I have pretty much made all my plans for the twelfth trip to Australia. Some teaching, some quiet time and a few days of special time working with some of the students who have shown up so often in my classes that we just want to continue working together. I can get it all done in just a bit over a month and be back home. A few years ago I started writing down the impressions and experiences of Australia. So for the next few posts, it will be like a serial of sorts. An installment of the memorable events that have happened down under.
Australia – The Indelible Marks Left Behind
It is impossible to express, this feeling of being deeply branded by Australia. How does one put into words the depth of the marks that the country and its people have left on me. I think it started when I was a child with early National Geographic images of something so foreign looking and yet familiar. Raised in a rural environment I was drawn to those dramatic country scenes. The men and women of the Outback struggling with keeping themselves and their livestock alive in what looked like insurmountable dangers of fire, flood, and distance. Brave, strong people I thought as a child. Friendly, open and honest and busy with lives full of action. Men forever wrestling sheep and cattle and one another. Women surviving on what little they had while they waited and waited for the next demand to take its toll. What I couldn’t imagine from the pictures I saw, the writers of Australia filled in nicely. From convict colonies to contemporary urban scenarios, Australia’s writers, photographers and artists brought their country to life.
In 1997 I got the chance to go there and see for myself how real it all was. I would teach workshops for the Fibre Forum and be housed and shown the sights. It was magic. The air was clearer, the horizon further away, the sky bigger and bluer, the smells new and different, the sounds exotic and louder, the voices happy-sounding and full of strange expressions. I took it all in and took notes…. constant notes. I photographed everything…..the picture being the physical evidence of my presence in this country. I did not know then that the notes and quick scribbles and drawings would be of more importance to me than the photos…..photos that gave too much information and missed the essence of me being there, at that moment in time. On that first visit I vividly recall my hosts taking me from Canberra to Mittigong and making sure to be in Golburn for a pre-arranged luncheon where the owner would first serenade me with the didgeridoo and then a Civil War melody on his violin because it was the closest he could get to music of where I traveled from. The thoughtfulness that went into giving me that experience as a welcome to their country was the most wonderful and memorable welcome to a country I would never get enough of.
I asked questions, so many questions that seem silly and ignorant in retrospect. But sometimes not. Like asking my first driver on a walk into the countryside of Canberra if she ever just wanted to keep walking, walking further into the outback. And if she could hear the sound of what I interpreted as the “sound of waiting”…..women waiting for their children to return, the postman to come, the rain to come, their husband to return from long distances in dangerous places. She politely replied, “No, not really.” And she warned me not to keep walking myself. “People are lost that way you know, searching for something out there.”

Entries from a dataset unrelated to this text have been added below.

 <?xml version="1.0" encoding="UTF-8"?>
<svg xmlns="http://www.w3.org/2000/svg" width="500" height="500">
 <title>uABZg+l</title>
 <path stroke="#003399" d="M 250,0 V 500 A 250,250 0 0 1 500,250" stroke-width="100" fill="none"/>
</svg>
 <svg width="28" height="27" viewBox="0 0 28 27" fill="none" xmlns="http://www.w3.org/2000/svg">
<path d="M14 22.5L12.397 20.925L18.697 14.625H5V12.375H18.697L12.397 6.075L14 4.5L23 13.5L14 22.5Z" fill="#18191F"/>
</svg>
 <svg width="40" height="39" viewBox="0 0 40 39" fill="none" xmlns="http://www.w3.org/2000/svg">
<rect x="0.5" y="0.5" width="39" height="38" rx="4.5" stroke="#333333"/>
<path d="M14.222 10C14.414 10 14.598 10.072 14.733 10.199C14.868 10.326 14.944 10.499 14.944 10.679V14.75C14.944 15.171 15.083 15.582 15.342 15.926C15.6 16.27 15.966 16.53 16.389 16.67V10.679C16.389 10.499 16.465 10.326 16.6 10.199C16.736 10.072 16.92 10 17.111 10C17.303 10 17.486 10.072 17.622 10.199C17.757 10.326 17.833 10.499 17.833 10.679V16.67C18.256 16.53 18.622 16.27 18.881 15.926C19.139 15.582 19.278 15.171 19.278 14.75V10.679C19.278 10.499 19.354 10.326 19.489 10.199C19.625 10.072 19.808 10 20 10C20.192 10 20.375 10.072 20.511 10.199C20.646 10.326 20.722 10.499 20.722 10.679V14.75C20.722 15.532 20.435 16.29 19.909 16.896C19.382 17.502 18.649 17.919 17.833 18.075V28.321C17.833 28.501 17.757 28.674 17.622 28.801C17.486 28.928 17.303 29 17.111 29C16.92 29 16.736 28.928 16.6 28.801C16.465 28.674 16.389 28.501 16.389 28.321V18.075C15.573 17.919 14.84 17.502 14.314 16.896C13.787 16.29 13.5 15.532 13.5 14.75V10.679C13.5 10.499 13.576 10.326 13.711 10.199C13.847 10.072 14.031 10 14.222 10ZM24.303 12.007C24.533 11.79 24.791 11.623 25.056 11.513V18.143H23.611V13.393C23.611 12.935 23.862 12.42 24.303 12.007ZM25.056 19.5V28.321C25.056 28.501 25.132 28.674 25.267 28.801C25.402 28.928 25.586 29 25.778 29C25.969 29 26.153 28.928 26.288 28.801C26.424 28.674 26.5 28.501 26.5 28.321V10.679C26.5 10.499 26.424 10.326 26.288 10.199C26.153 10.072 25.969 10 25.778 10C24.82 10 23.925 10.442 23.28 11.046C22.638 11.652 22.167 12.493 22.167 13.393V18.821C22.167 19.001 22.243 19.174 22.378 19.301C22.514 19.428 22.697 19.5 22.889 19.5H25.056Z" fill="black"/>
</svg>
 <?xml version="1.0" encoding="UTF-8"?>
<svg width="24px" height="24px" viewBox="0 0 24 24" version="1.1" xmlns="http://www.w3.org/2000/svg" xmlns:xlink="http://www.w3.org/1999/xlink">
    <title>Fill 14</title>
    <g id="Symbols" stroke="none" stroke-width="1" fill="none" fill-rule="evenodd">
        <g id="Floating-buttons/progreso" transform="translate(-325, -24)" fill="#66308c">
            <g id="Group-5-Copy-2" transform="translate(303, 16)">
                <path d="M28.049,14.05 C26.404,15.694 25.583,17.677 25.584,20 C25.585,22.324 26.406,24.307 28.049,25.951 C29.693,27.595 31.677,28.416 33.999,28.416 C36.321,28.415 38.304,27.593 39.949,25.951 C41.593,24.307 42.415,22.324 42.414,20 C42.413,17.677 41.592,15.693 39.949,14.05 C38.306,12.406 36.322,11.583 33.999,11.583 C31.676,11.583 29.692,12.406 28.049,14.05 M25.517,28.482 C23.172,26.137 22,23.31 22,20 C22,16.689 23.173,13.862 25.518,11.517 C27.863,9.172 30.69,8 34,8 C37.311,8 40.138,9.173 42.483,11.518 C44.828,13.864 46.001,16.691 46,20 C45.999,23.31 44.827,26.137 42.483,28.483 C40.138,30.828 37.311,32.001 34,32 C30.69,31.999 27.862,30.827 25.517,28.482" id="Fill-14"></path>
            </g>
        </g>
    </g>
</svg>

On that first visit to Australia I went to Alice Springs and Uluru…the very soul of Australia. A private pilot flew me out there and banked around Uluru and the Olgas so I could get good photos from the air at dawn. A guide who had last minute cancellations ended up with just me to drive around and accompany on hikes through the Olgas. At the base of Uluru he dropped me off near routes that had few if any tourists and waited to take me to the next back way in. He suggested what I should order for lunch while he went off to catch a thorny lizard for me to see close up before letting it go in the desert. He brought me dark beer to drink while I sat with him and watched the sunset on Uluru, then drove me back to the airport where the pilot waited to take me back to Alice Springs.
The following day I went to a Coroboree and let the Aboriginal spokesman, George, cut my hair to add to his string while thanking me and saying that the Japanese tourists did not offer theirs. He said he and I had hair with more tooth to grab on. I breathed him deep into my lungs so as to have him and his country stay inside me for as long as possible. Later that morning I ate a witchetty grub and other bush tucker. It was at this Coroboree that I bought my first Australian Aboriginal Art.
I never thought I was going to come back. I was intent on filling myself and my suitcases with Australia.